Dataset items

------

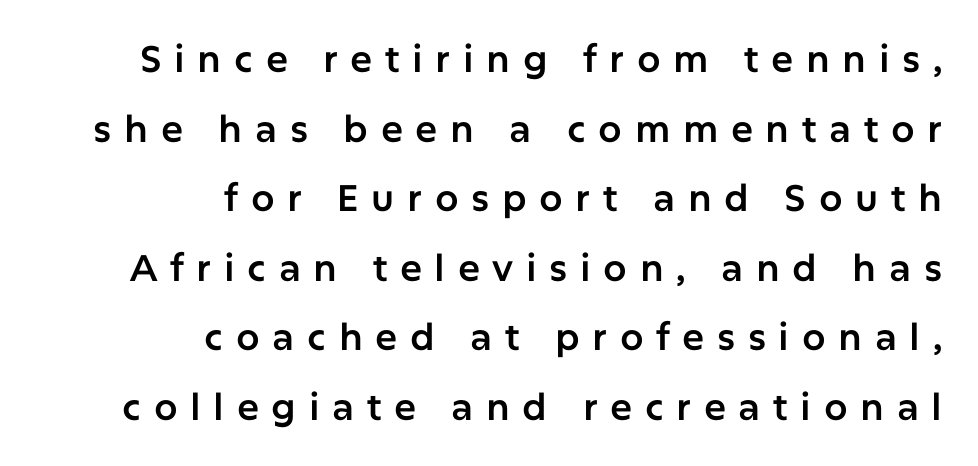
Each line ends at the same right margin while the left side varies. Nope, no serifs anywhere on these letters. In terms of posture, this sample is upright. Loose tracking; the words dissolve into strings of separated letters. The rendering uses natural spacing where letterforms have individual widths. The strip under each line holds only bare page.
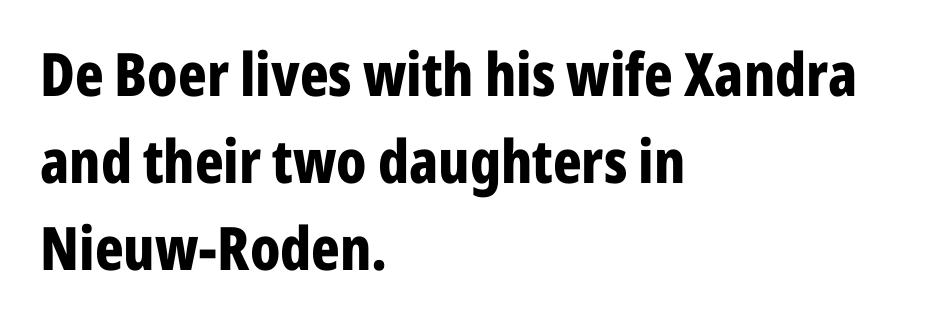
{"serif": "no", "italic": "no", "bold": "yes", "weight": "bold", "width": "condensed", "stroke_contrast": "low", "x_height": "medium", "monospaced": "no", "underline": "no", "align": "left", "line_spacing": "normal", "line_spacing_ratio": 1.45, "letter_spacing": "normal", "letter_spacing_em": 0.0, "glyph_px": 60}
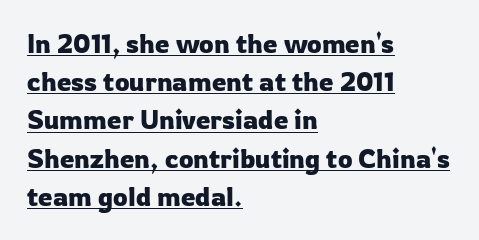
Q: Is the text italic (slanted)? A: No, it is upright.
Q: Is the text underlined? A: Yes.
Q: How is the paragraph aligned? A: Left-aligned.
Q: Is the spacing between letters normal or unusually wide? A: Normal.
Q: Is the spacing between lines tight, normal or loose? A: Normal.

------

**PROBLEM STATEMENT**: This exercise asks for the data above to be given again exactly, without pictures.

**PROBLEM SOLUTION**:
Each line ends at the same right margin while the left side varies. Nope, no serifs anywhere on these letters. In terms of posture, this sample is upright. Loose tracking; the words dissolve into strings of separated letters. The rendering uses natural spacing where letterforms have individual widths. The strip under each line holds only bare page.
{"serif": "no", "italic": "no", "bold": "yes", "weight": "bold", "width": "condensed", "stroke_contrast": "low", "x_height": "medium", "monospaced": "no", "underline": "no", "align": "left", "line_spacing": "normal", "line_spacing_ratio": 1.45, "letter_spacing": "normal", "letter_spacing_em": 0.0, "glyph_px": 60}
Q: Is the text italic (slanted)? A: No, it is upright.
Q: Is the text underlined? A: Yes.
Q: How is the paragraph aligned? A: Left-aligned.
Q: Is the spacing between letters normal or unusually wide? A: Normal.
Q: Is the spacing between lines tight, normal or loose? A: Normal.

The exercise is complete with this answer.